Aim of the task:
Only the lines of the data holding the string "underlined" need to be returned.

Dataset entries:
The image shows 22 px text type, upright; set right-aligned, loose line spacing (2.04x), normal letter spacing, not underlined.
...
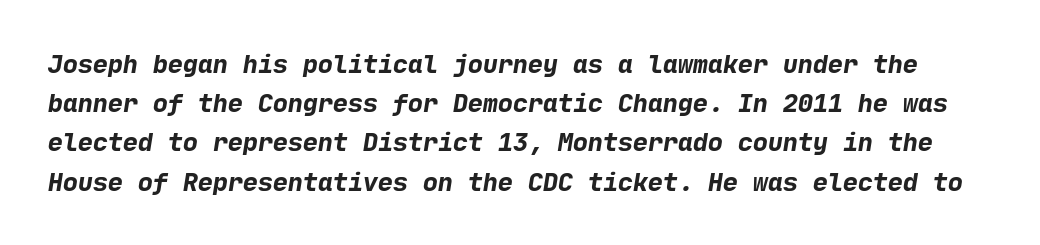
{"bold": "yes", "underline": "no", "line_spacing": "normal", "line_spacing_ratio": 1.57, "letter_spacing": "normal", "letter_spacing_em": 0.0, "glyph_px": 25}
...
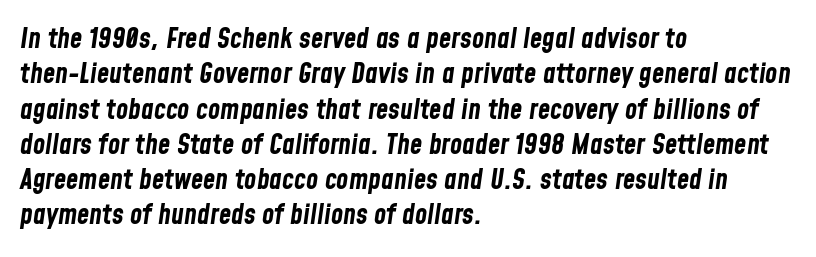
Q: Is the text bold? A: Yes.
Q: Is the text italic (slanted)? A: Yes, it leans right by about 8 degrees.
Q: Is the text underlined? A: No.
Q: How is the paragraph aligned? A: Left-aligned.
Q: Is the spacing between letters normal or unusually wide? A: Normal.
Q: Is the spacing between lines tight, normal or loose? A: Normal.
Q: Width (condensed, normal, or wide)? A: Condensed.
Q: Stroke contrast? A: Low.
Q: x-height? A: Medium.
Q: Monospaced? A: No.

Exercise response:
The image shows 22 px text type, upright; set right-aligned, loose line spacing (2.04x), normal letter spacing, not underlined.
Q: Is the text underlined? A: No.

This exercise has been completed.